● What needs to be done
All records must be quoted exactly. Omit the pictures.
[Opening Dataset extract section]
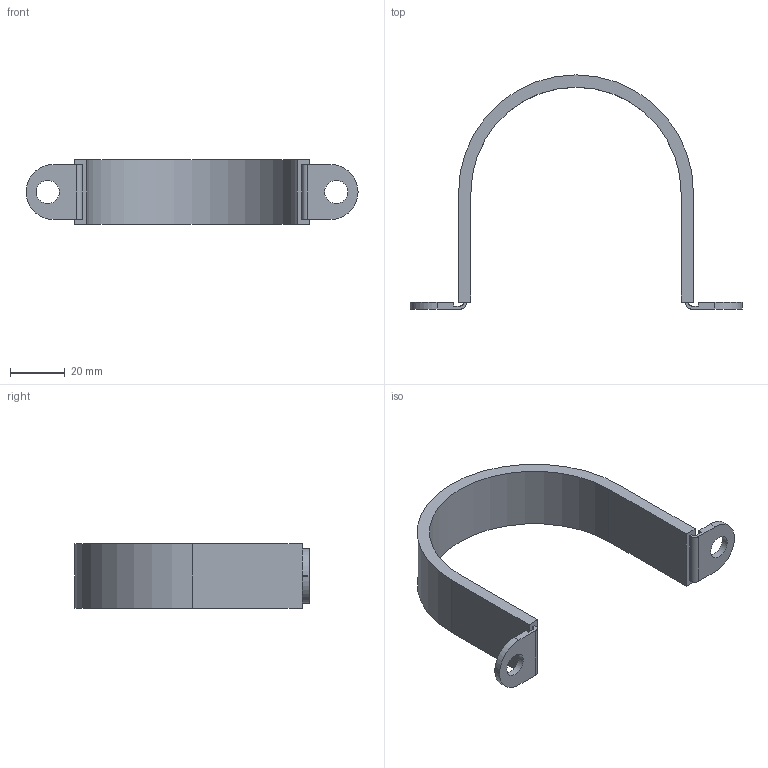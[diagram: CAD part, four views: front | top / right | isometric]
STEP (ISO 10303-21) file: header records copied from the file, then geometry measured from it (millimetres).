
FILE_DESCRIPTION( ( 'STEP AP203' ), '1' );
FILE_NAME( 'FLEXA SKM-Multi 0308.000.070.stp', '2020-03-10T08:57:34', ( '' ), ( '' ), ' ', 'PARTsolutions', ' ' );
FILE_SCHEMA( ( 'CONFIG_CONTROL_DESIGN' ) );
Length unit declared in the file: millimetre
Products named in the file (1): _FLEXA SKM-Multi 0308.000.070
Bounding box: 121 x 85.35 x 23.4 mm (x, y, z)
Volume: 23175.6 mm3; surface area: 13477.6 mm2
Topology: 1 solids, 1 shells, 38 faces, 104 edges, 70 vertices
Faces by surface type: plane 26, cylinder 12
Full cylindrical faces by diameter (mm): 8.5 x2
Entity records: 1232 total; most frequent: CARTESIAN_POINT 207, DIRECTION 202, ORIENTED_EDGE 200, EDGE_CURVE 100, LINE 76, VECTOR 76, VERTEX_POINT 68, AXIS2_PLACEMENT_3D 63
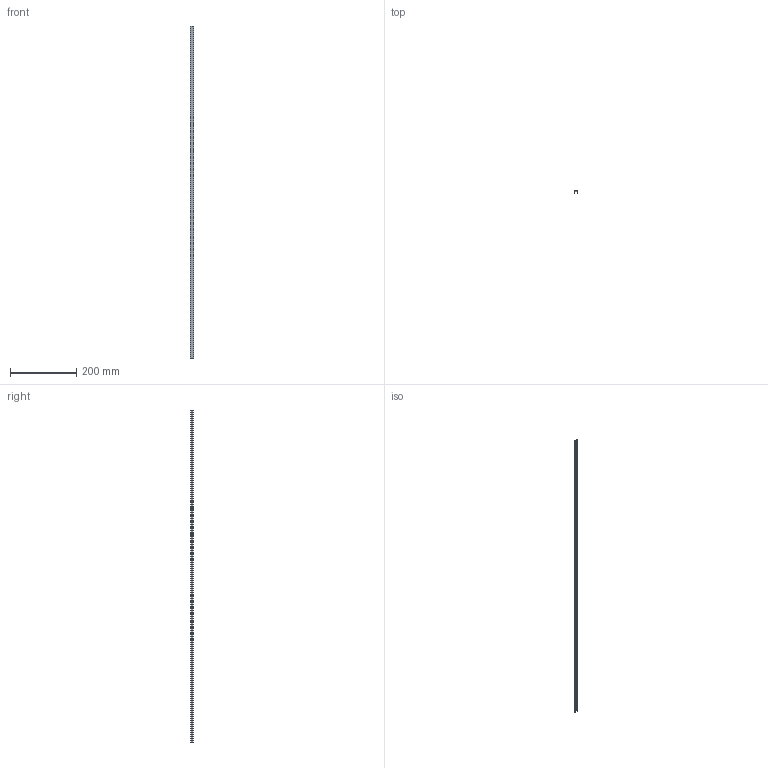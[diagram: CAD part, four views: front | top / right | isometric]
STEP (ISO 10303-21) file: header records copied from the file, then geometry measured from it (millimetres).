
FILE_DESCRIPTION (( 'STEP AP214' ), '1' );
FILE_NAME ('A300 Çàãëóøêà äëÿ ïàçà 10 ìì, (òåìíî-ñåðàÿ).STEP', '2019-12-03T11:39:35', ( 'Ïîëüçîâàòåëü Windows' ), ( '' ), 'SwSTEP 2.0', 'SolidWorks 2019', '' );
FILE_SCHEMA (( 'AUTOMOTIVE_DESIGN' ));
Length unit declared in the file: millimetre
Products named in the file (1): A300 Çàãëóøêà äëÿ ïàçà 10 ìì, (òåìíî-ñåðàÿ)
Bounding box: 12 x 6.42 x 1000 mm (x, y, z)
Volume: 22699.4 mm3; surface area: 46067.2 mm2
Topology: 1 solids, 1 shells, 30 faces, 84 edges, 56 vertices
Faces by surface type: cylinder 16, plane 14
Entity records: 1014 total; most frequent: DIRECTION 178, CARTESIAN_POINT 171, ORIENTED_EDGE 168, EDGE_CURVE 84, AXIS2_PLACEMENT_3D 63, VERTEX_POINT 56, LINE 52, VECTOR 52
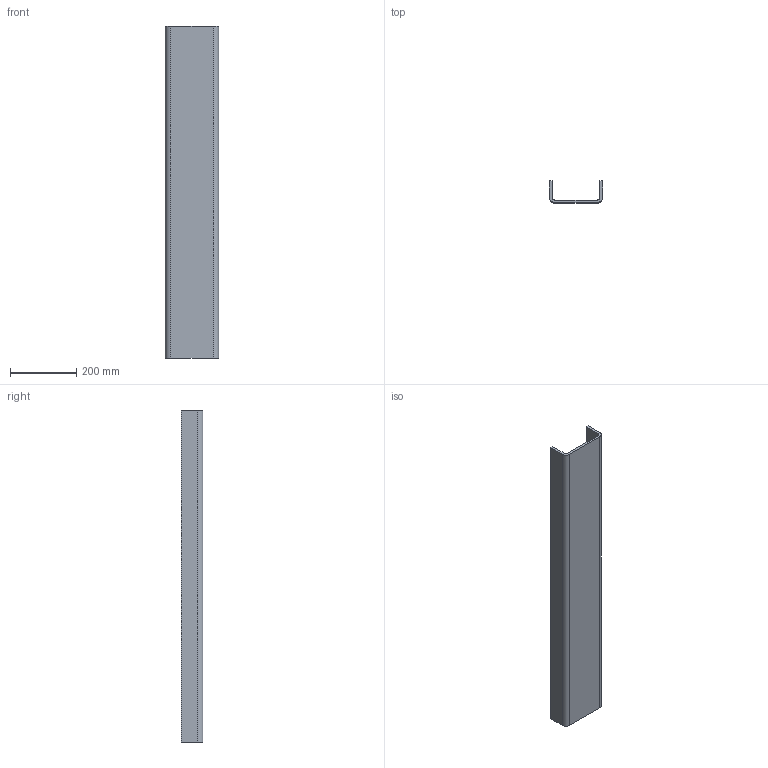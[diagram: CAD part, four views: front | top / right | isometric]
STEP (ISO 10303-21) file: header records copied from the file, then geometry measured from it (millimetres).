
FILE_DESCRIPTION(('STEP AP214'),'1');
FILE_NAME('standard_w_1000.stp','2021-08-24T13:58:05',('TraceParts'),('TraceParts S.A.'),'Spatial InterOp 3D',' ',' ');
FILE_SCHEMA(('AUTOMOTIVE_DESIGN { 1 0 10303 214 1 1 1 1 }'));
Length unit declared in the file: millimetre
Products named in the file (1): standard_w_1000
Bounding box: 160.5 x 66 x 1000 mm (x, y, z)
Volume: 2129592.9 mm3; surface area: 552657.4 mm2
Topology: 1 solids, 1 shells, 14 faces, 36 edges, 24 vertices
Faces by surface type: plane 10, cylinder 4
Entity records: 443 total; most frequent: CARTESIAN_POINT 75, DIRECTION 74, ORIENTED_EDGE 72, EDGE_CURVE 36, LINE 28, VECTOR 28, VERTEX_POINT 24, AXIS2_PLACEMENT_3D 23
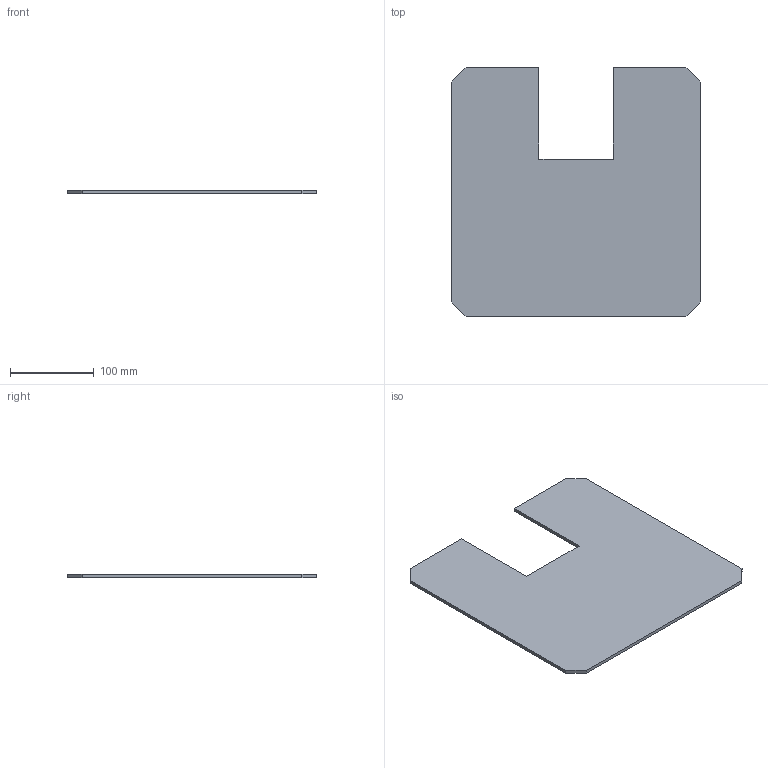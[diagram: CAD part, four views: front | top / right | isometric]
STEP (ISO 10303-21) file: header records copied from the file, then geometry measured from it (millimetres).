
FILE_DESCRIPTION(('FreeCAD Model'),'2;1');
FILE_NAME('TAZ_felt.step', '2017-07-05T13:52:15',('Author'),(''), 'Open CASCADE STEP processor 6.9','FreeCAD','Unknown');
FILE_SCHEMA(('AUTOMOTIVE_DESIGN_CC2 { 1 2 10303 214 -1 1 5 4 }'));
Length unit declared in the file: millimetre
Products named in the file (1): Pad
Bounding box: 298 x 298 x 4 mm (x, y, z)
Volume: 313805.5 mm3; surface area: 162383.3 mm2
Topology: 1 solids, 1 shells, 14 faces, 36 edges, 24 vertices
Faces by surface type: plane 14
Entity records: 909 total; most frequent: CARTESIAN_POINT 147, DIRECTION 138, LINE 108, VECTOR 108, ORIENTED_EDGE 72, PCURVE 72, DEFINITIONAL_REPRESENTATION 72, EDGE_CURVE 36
[Closing Dataset extract section]
● Task solution
[diagram: CAD part, four views: front | top / right | isometric]
STEP (ISO 10303-21) file: header records copied from the file, then geometry measured from it (millimetres).
FILE_DESCRIPTION( ( 'STEP AP203' ), '1' );
FILE_NAME( 'FLEXA SKM-Multi 0308.000.070.stp', '2020-03-10T08:57:34', ( '' ), ( '' ), ' ', 'PARTsolutions', ' ' );
FILE_SCHEMA( ( 'CONFIG_CONTROL_DESIGN' ) );
Length unit declared in the file: millimetre
Products named in the file (1): _FLEXA SKM-Multi 0308.000.070
Bounding box: 121 x 85.35 x 23.4 mm (x, y, z)
Volume: 23175.6 mm3; surface area: 13477.6 mm2
Topology: 1 solids, 1 shells, 38 faces, 104 edges, 70 vertices
Faces by surface type: plane 26, cylinder 12
Full cylindrical faces by diameter (mm): 8.5 x2
Entity records: 1232 total; most frequent: CARTESIAN_POINT 207, DIRECTION 202, ORIENTED_EDGE 200, EDGE_CURVE 100, LINE 76, VECTOR 76, VERTEX_POINT 68, AXIS2_PLACEMENT_3D 63
[diagram: CAD part, four views: front | top / right | isometric]
STEP (ISO 10303-21) file: header records copied from the file, then geometry measured from it (millimetres).
FILE_DESCRIPTION (( 'STEP AP214' ), '1' );
FILE_NAME ('A300 Çàãëóøêà äëÿ ïàçà 10 ìì, (òåìíî-ñåðàÿ).STEP', '2019-12-03T11:39:35', ( 'Ïîëüçîâàòåëü Windows' ), ( '' ), 'SwSTEP 2.0', 'SolidWorks 2019', '' );
FILE_SCHEMA (( 'AUTOMOTIVE_DESIGN' ));
Length unit declared in the file: millimetre
Products named in the file (1): A300 Çàãëóøêà äëÿ ïàçà 10 ìì, (òåìíî-ñåðàÿ)
Bounding box: 12 x 6.42 x 1000 mm (x, y, z)
Volume: 22699.4 mm3; surface area: 46067.2 mm2
Topology: 1 solids, 1 shells, 30 faces, 84 edges, 56 vertices
Faces by surface type: cylinder 16, plane 14
Entity records: 1014 total; most frequent: DIRECTION 178, CARTESIAN_POINT 171, ORIENTED_EDGE 168, EDGE_CURVE 84, AXIS2_PLACEMENT_3D 63, VERTEX_POINT 56, LINE 52, VECTOR 52
[diagram: CAD part, four views: front | top / right | isometric]
STEP (ISO 10303-21) file: header records copied from the file, then geometry measured from it (millimetres).
FILE_DESCRIPTION(('STEP AP214'),'1');
FILE_NAME('standard_w_1000.stp','2021-08-24T13:58:05',('TraceParts'),('TraceParts S.A.'),'Spatial InterOp 3D',' ',' ');
FILE_SCHEMA(('AUTOMOTIVE_DESIGN { 1 0 10303 214 1 1 1 1 }'));
Length unit declared in the file: millimetre
Products named in the file (1): standard_w_1000
Bounding box: 160.5 x 66 x 1000 mm (x, y, z)
Volume: 2129592.9 mm3; surface area: 552657.4 mm2
Topology: 1 solids, 1 shells, 14 faces, 36 edges, 24 vertices
Faces by surface type: plane 10, cylinder 4
Entity records: 443 total; most frequent: CARTESIAN_POINT 75, DIRECTION 74, ORIENTED_EDGE 72, EDGE_CURVE 36, LINE 28, VECTOR 28, VERTEX_POINT 24, AXIS2_PLACEMENT_3D 23
[diagram: CAD part, four views: front | top / right | isometric]
STEP (ISO 10303-21) file: header records copied from the file, then geometry measured from it (millimetres).
FILE_DESCRIPTION(('FreeCAD Model'),'2;1');
FILE_NAME('TAZ_felt.step', '2017-07-05T13:52:15',('Author'),(''), 'Open CASCADE STEP processor 6.9','FreeCAD','Unknown');
FILE_SCHEMA(('AUTOMOTIVE_DESIGN_CC2 { 1 2 10303 214 -1 1 5 4 }'));
Length unit declared in the file: millimetre
Products named in the file (1): Pad
Bounding box: 298 x 298 x 4 mm (x, y, z)
Volume: 313805.5 mm3; surface area: 162383.3 mm2
Topology: 1 solids, 1 shells, 14 faces, 36 edges, 24 vertices
Faces by surface type: plane 14
Entity records: 909 total; most frequent: CARTESIAN_POINT 147, DIRECTION 138, LINE 108, VECTOR 108, ORIENTED_EDGE 72, PCURVE 72, DEFINITIONAL_REPRESENTATION 72, EDGE_CURVE 36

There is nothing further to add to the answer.